Based on the results of the conducted study, a LT0 of 0.17 h and a LT50 of 1.8 h was derived. Considering Haber’s Law (C.t = k) according to Regulation (EC) 1272/2008 and Guidance on information requirements and chemical safety assessment Chapter R.7a: Endpoint specific guidance (ECHA, 2008), a time-extrapolated LC50 value of 29.7 mg/L is achieved (66 [mg/L] x 1.8 h = c [mg/L] x 4h). In conclusion, based on the available data, the extrapolated LC50 value exceeds the defined cut off value of 20 mg/L. However, according to the harmonised classification, chlorobenzene is considered to meet the classification criteria for Acute toxicity, Cat. 4, H332 according to Regulation (EC) No 1272/2008.

Justification for classification or non-classification

Based on the available data on acute oral toxicity, bromobenzene does not meet the classification criteria according to Regulation (EC) 1272/2008. No data on the dermal route are available.

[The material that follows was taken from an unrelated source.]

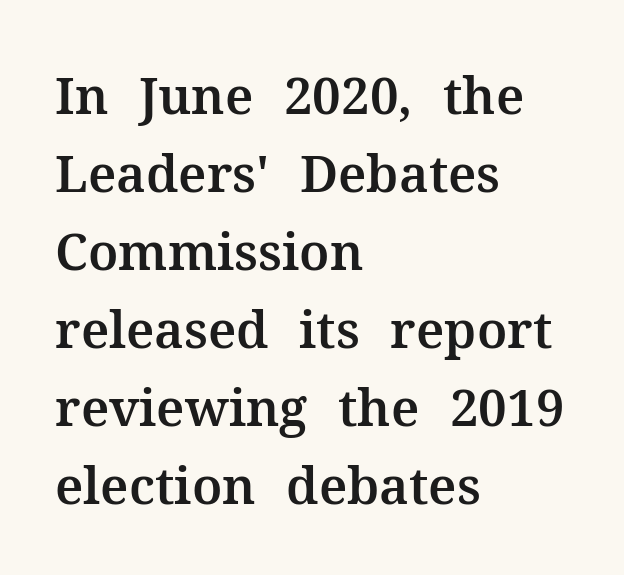
The image shows 51 px serif type, upright; set left-aligned, normal line spacing (1.53x), normal letter spacing, not underlined; medium stroke contrast and a medium x-height.
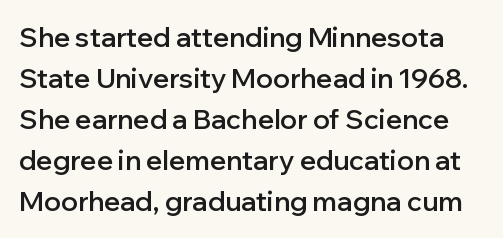
{"italic": "no", "bold": "semi", "underline": "no", "line_spacing": "normal", "line_spacing_ratio": 1.52, "letter_spacing": "normal", "letter_spacing_em": 0.0, "glyph_px": 27}
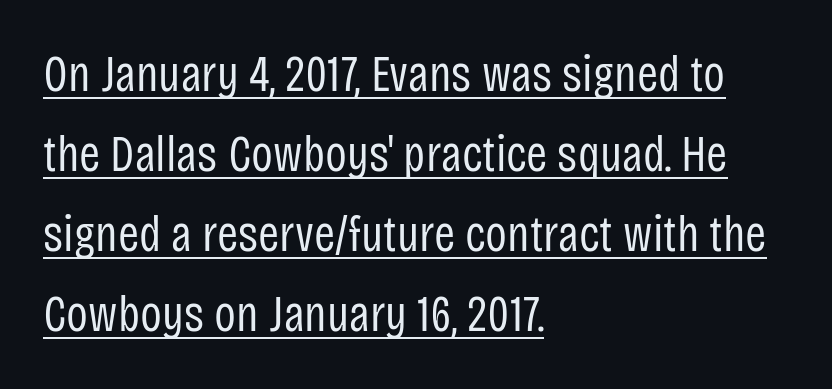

The analogue substance chlorobenzene (CAS 108-90-7) is classified as Acute Tox. 4, H332 according to Annex VI of Regulation (EC) No 1272/2008. Although the available data on acute toxicity following inhalation do not meet the classification criteria according to Regulation (EC) No 1272/2008, the registrant follows the harmonised classification of the source substance chlorobenzene and applies the classification for the target susbtance bromobenzene based on read across and self classification. Thus, based on the analogue approach, bromobenzene is considered to meet the classification criteria according to Regulation (EC) 1272/2008.